16. The ultrasound diagnosis apparatus of claim 1, further comprising:

a frequency setter that sets at least one of a frequency band of the ultrasound used for creating the image of the two-dimensional structure and an intensity distribution in the frequency band, wherein

the frequency setter executes at least one of settings: to shift the frequency band used for creating the image of the two-dimensional structure to a lower frequency side within a predetermined range including the acquired estimated tip position in comparison with the frequency band in an external area of the predetermined range; and to shift the intensity distribution to a lower frequency side of the frequency band within the predetermined range in comparison with the intensity distribution in the external area.

17. The ultrasound diagnosis apparatus of claim 1, wherein the display controller controls the display to display a predetermined indication when the transmitter/receiver transmits/receives the ultrasound whose parameter is adjusted by the transmission controller.

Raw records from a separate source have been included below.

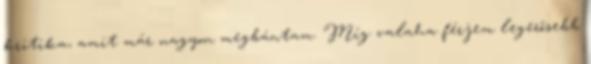
kritika, amit már nagyon megbántam. Míg valaha férjem legerősebb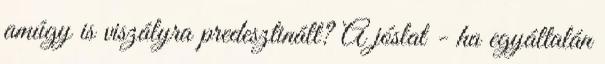
amúgy is viszályra predesztinált? A jóslat - ha egyáltalán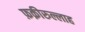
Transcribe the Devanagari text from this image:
फ़क़ीरुल्लाह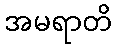
အမရာတိ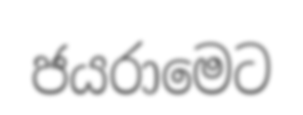
ජයරාමෙට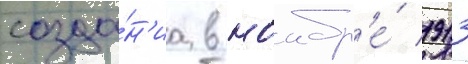
созда́н'иа в ноабр'е́ 1913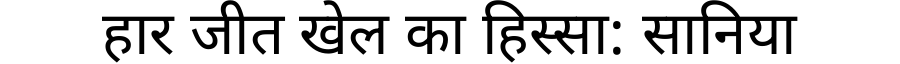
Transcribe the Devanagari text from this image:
हार जीत खेल का हिस्सा: सानिया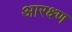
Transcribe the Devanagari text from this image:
आरक्ष्ण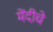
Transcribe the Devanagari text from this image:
मेंदीचे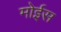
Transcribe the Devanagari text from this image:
मोईस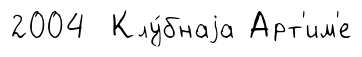
2004 Клу́бнаjа Арт'им'е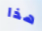
هذا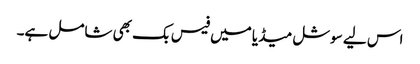
اس لیے سوشل میڈیا میں فیس بک بھی شامل ہے۔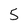
Character: 5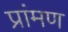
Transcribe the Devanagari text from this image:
प्रांमण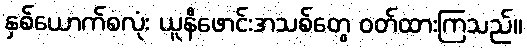
နှစ်ယောက်စလုံး ယူနီဖောင်းအသစ်တွေ ဝတ်ထားကြသည်။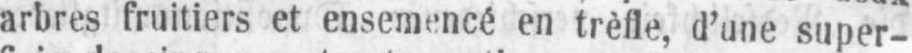
arbres fruitiers et ensemencé en trèfle, d’une super-

18. The ultrasound diagnosis apparatus of claim 2, wherein the display controller controls the display to display a predetermined indication when the transmitter/receiver receives the ultrasound including at least one of the frequency band and the intensity distribution in the frequency band which are shifted to the lower frequency side by the frequency setter.

19. The ultrasound diagnosis apparatus of claim 1, wherein the position acquirer acquires the estimated tip position based on a difference among the multiple images of the two dimensional structures acquired at different timings.

20. The ultrasound diagnosis apparatus of claim 1, wherein the position acquirer acquires the estimated tip position based on information on a traveling length and direction of the puncture needle, the information being obtained from a puncturing mechanism of the puncture needle.